Sacra Logo
View PDF
View Model
Details
Headquarters
New York, NY
Website
Home  >  Companies  >  Alloy
Alloy
Alloy is an identity data orchestration platform and fraud prevention service.

Revenue

None

Sacra estimates Alloy hit $55M in annual recurring revenue (ARR) at the end of 2023, growing approximately 31% from $42M ARR in 2022. The company had previously doubled revenue from $21M ARR in 2021, when they raised funding at a $1.35B valuation.

Growth has moderated significantly in 2024, with revenue remaining roughly flat according to industry sources.
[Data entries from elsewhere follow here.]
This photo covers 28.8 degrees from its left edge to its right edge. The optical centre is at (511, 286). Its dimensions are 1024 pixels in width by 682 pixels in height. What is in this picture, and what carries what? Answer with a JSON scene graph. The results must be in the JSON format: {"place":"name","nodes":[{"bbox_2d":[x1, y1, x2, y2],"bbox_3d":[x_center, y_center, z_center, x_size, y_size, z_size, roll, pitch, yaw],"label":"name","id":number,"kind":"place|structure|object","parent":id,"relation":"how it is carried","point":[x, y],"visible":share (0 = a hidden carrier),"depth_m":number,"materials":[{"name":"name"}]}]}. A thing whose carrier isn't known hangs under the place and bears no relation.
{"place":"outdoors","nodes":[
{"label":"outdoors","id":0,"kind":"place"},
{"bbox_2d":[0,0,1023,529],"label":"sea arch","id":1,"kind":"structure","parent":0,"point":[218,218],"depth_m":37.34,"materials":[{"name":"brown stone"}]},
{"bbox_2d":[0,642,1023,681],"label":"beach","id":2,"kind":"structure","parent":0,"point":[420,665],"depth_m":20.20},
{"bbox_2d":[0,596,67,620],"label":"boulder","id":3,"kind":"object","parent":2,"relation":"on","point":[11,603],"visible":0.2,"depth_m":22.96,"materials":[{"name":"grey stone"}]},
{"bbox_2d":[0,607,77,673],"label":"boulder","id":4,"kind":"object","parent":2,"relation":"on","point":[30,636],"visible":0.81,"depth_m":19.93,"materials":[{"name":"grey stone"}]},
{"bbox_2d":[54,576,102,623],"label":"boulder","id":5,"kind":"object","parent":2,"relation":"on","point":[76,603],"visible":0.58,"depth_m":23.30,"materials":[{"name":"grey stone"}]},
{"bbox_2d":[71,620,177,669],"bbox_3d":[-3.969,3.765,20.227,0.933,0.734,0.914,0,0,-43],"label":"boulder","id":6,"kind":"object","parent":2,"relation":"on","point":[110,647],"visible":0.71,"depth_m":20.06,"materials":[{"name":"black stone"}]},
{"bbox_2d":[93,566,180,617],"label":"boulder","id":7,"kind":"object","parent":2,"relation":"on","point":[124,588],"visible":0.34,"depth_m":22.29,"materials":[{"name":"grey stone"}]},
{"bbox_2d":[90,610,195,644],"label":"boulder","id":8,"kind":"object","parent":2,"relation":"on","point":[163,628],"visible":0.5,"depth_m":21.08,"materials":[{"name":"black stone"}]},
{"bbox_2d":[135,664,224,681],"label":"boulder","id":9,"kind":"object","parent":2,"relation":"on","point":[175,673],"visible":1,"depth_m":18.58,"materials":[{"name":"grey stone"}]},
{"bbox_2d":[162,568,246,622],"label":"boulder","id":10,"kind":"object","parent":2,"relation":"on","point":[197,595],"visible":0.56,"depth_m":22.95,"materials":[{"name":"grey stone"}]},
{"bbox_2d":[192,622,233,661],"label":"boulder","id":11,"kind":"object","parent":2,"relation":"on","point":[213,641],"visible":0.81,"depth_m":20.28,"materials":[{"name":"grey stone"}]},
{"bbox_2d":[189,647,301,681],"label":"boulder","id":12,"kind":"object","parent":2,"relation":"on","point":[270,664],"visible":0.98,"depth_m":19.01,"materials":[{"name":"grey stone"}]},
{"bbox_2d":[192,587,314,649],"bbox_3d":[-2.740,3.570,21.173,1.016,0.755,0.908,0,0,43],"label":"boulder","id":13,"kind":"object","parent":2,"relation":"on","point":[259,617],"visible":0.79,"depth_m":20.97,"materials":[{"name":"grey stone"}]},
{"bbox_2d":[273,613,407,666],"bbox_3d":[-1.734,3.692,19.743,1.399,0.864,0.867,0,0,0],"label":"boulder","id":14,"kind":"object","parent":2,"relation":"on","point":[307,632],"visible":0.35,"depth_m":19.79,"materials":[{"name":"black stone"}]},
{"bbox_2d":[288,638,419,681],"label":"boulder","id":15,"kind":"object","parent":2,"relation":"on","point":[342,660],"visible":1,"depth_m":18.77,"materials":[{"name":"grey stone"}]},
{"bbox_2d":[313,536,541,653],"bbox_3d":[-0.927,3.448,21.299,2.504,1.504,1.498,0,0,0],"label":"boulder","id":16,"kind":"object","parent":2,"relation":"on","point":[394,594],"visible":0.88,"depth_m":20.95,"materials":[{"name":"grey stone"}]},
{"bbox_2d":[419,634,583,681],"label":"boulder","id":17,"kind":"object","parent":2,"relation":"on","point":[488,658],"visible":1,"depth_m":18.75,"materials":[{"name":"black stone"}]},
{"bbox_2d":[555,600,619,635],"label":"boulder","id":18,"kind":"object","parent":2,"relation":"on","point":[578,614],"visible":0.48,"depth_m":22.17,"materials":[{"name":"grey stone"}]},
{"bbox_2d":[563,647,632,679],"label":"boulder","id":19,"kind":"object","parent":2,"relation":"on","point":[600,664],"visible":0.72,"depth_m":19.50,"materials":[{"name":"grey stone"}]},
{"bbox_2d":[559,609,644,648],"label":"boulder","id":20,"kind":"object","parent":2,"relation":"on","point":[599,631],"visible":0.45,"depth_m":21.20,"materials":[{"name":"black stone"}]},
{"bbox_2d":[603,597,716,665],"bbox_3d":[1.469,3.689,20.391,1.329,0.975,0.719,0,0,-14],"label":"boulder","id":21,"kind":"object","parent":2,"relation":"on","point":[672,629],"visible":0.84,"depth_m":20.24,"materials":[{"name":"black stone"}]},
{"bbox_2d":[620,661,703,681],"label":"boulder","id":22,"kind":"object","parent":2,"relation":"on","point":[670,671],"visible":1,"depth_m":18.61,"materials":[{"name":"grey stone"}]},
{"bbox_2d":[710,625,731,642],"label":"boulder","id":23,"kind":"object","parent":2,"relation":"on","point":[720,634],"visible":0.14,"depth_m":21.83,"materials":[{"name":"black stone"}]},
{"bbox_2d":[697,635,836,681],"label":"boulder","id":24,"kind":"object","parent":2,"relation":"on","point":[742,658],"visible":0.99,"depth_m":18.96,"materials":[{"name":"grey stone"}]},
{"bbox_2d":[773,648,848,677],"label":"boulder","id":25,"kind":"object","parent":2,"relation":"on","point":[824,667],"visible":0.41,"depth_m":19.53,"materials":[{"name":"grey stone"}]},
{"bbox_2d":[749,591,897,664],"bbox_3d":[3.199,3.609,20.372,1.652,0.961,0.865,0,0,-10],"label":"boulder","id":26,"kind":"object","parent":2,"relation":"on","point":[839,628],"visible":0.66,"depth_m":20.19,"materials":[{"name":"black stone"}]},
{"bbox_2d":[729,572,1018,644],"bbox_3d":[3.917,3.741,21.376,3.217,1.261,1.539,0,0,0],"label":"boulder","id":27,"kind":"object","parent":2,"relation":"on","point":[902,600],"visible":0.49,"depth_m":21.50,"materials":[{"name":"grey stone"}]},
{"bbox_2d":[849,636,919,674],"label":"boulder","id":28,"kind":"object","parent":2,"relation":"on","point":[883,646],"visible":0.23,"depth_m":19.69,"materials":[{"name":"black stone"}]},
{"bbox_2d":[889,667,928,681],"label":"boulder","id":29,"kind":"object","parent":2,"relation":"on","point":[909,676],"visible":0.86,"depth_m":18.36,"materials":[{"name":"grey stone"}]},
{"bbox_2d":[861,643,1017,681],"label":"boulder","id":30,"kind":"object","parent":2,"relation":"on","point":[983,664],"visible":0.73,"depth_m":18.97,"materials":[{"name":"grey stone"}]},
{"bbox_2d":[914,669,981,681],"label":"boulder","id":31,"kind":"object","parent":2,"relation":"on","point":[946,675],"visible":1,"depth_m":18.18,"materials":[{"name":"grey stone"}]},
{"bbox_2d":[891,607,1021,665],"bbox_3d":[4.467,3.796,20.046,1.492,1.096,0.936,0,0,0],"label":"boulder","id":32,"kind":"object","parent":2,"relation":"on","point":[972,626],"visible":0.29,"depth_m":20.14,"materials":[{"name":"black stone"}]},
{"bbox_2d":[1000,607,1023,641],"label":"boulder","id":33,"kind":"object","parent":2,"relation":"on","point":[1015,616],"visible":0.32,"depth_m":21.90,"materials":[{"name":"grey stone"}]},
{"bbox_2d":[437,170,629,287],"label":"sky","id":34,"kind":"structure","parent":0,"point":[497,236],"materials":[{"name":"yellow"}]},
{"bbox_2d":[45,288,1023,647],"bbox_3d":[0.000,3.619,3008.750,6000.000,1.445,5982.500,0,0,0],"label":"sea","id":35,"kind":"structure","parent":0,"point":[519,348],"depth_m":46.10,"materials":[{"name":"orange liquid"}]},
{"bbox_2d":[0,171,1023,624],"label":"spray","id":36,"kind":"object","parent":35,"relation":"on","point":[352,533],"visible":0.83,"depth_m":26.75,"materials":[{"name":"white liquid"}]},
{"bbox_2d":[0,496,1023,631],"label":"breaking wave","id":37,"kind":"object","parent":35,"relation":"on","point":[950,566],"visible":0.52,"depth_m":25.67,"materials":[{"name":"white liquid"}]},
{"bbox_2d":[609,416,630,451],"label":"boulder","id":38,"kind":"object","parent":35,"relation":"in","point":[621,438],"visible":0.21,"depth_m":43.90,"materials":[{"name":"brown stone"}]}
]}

The company maintains healthy gross margins between 50-60% and has 2-3 years of runway remaining.

Alloy generates revenue primarily through its B2B fintech infrastructure products, serving both emerging fintechs and established financial institutions. The company started as a verticalized iPaaS for ecommerce before pivoting to become a more horizontal universal API platform, expanding their total addressable market.

Key enterprise customers include Amazon, Gorgias, Postscript, and Kibo, who use Alloy's embedded toolkit to power integrations with platforms like Netsuite, Magento, Quickbooks and others. The company has over 270 pre-built integrations available through their platform.
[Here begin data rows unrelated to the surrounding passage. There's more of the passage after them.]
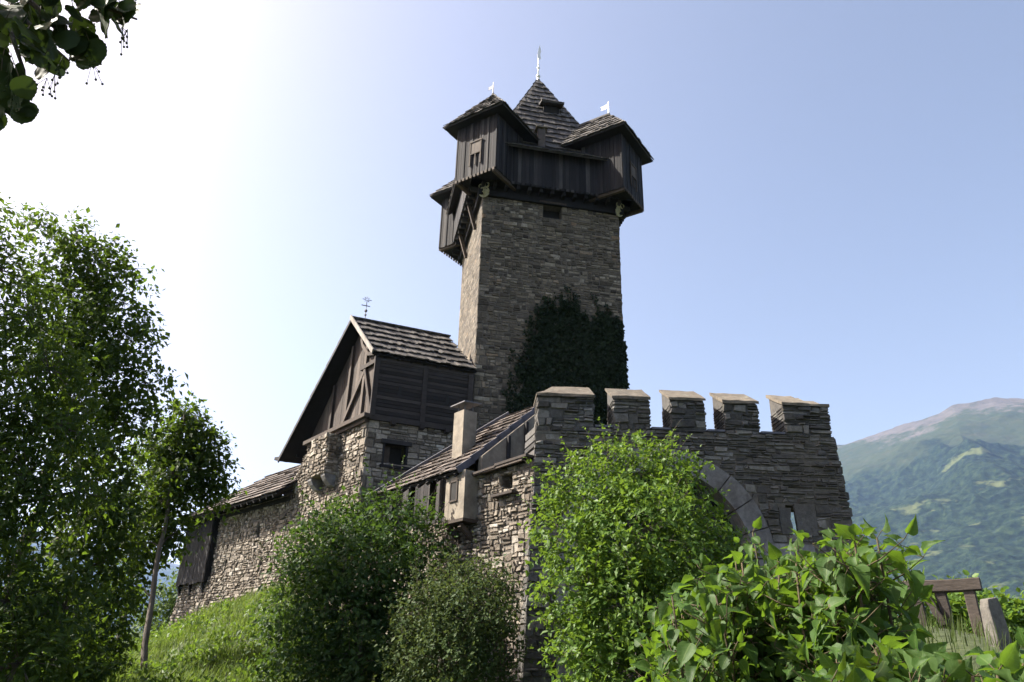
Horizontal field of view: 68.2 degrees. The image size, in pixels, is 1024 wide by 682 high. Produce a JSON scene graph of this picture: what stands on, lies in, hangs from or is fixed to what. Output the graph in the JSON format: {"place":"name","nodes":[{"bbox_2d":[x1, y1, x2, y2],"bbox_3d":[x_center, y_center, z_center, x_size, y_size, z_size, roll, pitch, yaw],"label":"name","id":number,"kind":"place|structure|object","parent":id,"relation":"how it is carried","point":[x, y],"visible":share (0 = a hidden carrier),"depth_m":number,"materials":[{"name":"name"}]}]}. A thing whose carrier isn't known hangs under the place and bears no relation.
{"place":"outdoors","nodes":[
{"label":"outdoors","id":0,"kind":"place"},
{"bbox_2d":[0,397,1023,651],"bbox_3d":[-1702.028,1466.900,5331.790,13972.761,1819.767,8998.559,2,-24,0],"label":"mountains","id":1,"kind":"structure","parent":0,"point":[950,477],"depth_m":3198.52,"materials":[{"name":"green plant"}]},
{"bbox_2d":[0,0,1023,564],"label":"sky","id":2,"kind":"structure","parent":0,"point":[833,214],"materials":[{"name":"blue"}]},
{"bbox_2d":[138,597,1023,681],"bbox_3d":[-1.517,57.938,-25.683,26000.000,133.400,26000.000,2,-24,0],"label":"ground","id":3,"kind":"structure","parent":0,"point":[970,641],"depth_m":6.37,"materials":[{"name":"green plant"}]},
{"bbox_2d":[2,558,127,681],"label":"undergrowth bush","id":4,"kind":"object","parent":3,"relation":"on","point":[90,661],"visible":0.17,"depth_m":16.08,"materials":[{"name":"green plant"}]},
{"bbox_2d":[0,191,137,681],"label":"ash tree","id":5,"kind":"object","parent":3,"relation":"on","point":[26,658],"visible":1,"depth_m":14.96,"materials":[{"name":"green plant"}]},
{"bbox_2d":[0,0,141,130],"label":"linden tree","id":6,"kind":"object","parent":3,"relation":"on","point":[25,25],"visible":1,"depth_m":2.29,"materials":[{"name":"green plant"}]},
{"bbox_2d":[1,201,193,681],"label":"maple tree","id":7,"kind":"object","parent":3,"relation":"on","point":[96,304],"visible":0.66,"depth_m":21.12,"materials":[{"name":"green plant"}]},
{"bbox_2d":[80,608,149,681],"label":"undergrowth bush","id":8,"kind":"object","parent":3,"relation":"on","point":[129,658],"visible":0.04,"depth_m":20.89,"materials":[{"name":"green plant"}]},
{"bbox_2d":[102,413,193,639],"bbox_3d":[-19.250,10.402,38.432,6.303,14.346,5.527,2,-24,0],"label":"alder tree","id":9,"kind":"object","parent":3,"relation":"on","point":[147,487],"visible":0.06,"depth_m":39.62,"materials":[{"name":"green plant"}]},
{"bbox_2d":[122,568,178,643],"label":"shrub","id":10,"kind":"object","parent":3,"relation":"on","point":[166,614],"visible":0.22,"depth_m":40.67,"materials":[{"name":"green plant"}]},
{"bbox_2d":[91,390,247,676],"bbox_3d":[-10.790,5.929,23.699,4.060,9.264,3.545,2,-24,0],"label":"slender tree","id":11,"kind":"object","parent":3,"relation":"on","point":[194,454],"visible":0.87,"depth_m":24.18,"materials":[{"name":"green plant"}]},
{"bbox_2d":[169,464,300,629],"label":"wing","id":12,"kind":"structure","parent":3,"relation":"on","point":[226,564],"depth_m":35.35,"materials":[{"name":"grey stone"}]},
{"bbox_2d":[96,580,427,681],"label":"slope grass","id":13,"kind":"structure","parent":3,"relation":"on","point":[166,645],"depth_m":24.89,"materials":[{"name":"green plant"}]},
{"bbox_2d":[236,455,460,681],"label":"elder bush","id":14,"kind":"object","parent":3,"relation":"on","point":[326,576],"visible":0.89,"depth_m":19.82,"materials":[{"name":"green plant"}]},
{"bbox_2d":[274,297,477,609],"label":"gabled house","id":15,"kind":"structure","parent":3,"relation":"on","point":[384,396],"depth_m":30.40,"materials":[{"name":"stone"}]},
{"bbox_2d":[379,438,411,469],"bbox_3d":[-4.493,4.380,28.980,1.200,1.100,0.320,11,-26,-21],"label":"window frame","id":16,"kind":"structure","parent":15,"relation":"in","point":[385,441],"depth_m":28.93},
{"bbox_2d":[350,453,534,681],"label":"curtain wall","id":17,"kind":"structure","parent":3,"relation":"on","point":[502,510],"depth_m":20.81,"materials":[{"name":"stone"}]},
{"bbox_2d":[369,400,534,543],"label":"lean to house","id":18,"kind":"structure","parent":17,"relation":"on","point":[459,461],"depth_m":23.90,"materials":[{"name":"grey wood"}]},
{"bbox_2d":[372,530,534,681],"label":"hazel bush","id":19,"kind":"object","parent":3,"relation":"on","point":[431,624],"visible":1,"depth_m":16.30,"materials":[{"name":"green plant"}]},
{"bbox_2d":[429,46,653,429],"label":"keep tower","id":20,"kind":"structure","parent":3,"relation":"on","point":[539,196],"depth_m":35.43,"materials":[{"name":"stone"}]},
{"bbox_2d":[501,285,629,424],"bbox_3d":[2.384,1.952,32.253,6.099,9.730,1.816,13,-26,-25],"label":"ivy","id":21,"kind":"object","parent":20,"relation":"attached to","point":[603,325],"visible":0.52,"depth_m":32.82,"materials":[{"name":"green plant"}]},
{"bbox_2d":[517,417,763,681],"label":"tall bush","id":22,"kind":"object","parent":3,"relation":"on","point":[661,545],"visible":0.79,"depth_m":14.70,"materials":[{"name":"green plant"}]},
{"bbox_2d":[514,387,852,681],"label":"battlement wall","id":23,"kind":"structure","parent":3,"relation":"on","point":[783,469],"depth_m":20.74,"materials":[{"name":"stone"}]},
{"bbox_2d":[626,516,834,681],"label":"lilac shrub","id":24,"kind":"object","parent":3,"relation":"on","point":[716,632],"visible":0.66,"depth_m":2.34,"materials":[{"name":"green plant"}]},
{"bbox_2d":[748,513,948,681],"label":"lilac shrub","id":25,"kind":"object","parent":3,"relation":"on","point":[845,583],"visible":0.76,"depth_m":2.17,"materials":[{"name":"green plant"}]},
{"bbox_2d":[794,617,1023,681],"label":"lilac shrub","id":26,"kind":"object","parent":3,"relation":"on","point":[918,660],"visible":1,"depth_m":1.48,"materials":[{"name":"green plant"}]},
{"bbox_2d":[874,577,984,635],"bbox_3d":[3.639,2.660,6.771,1.152,0.985,0.152,-15,-29,33],"label":"wooden railing","id":27,"kind":"object","parent":3,"relation":"on","point":[967,587],"visible":0.27,"depth_m":6.69,"materials":[{"name":"brown wood"}]},
{"bbox_2d":[894,569,1023,642],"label":"hedge shrub","id":28,"kind":"object","parent":3,"relation":"on","point":[1012,607],"visible":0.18,"depth_m":8.34,"materials":[{"name":"green plant"}]},
{"bbox_2d":[980,597,1011,649],"bbox_3d":[3.955,2.424,6.140,0.189,0.651,0.113,12,-26,-22],"label":"stone post","id":29,"kind":"object","parent":3,"relation":"on","point":[991,611],"visible":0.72,"depth_m":6.15,"materials":[{"name":"stone"}]},
{"bbox_2d":[895,606,1023,671],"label":"bank grass","id":30,"kind":"structure","parent":0,"point":[953,633],"depth_m":6.15,"materials":[{"name":"green plant"}]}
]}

While Alloy has never publicly disclosed revenue figures, their $1.35B valuation in 2021 represented a 64x forward multiple - typical for high-growth fintech infrastructure companies during that period's favorable market conditions.

Product

Alloy was founded in 2019 by Sara Du and Gregg Mojica, initially launching as a verticalized integration platform (iPaaS) focused on ecommerce automation.

Alloy found product-market fit as an embedded integrations platform for engineering and product teams who needed to build and maintain user-facing integrations within their applications. The company's initial success came from serving ecommerce companies that needed to connect various tools in their tech stack, but they later expanded to serve broader markets.

The product enables companies to embed integration capabilities directly into their applications through an SDK. Engineers can quickly implement pre-built connectors to hundreds of applications while maintaining full control over the user experience. When a customer wants to integrate with a third-party app, Alloy handles the complex backend work - OAuth flows, credential management, field mapping, rate limiting, and polling infrastructure.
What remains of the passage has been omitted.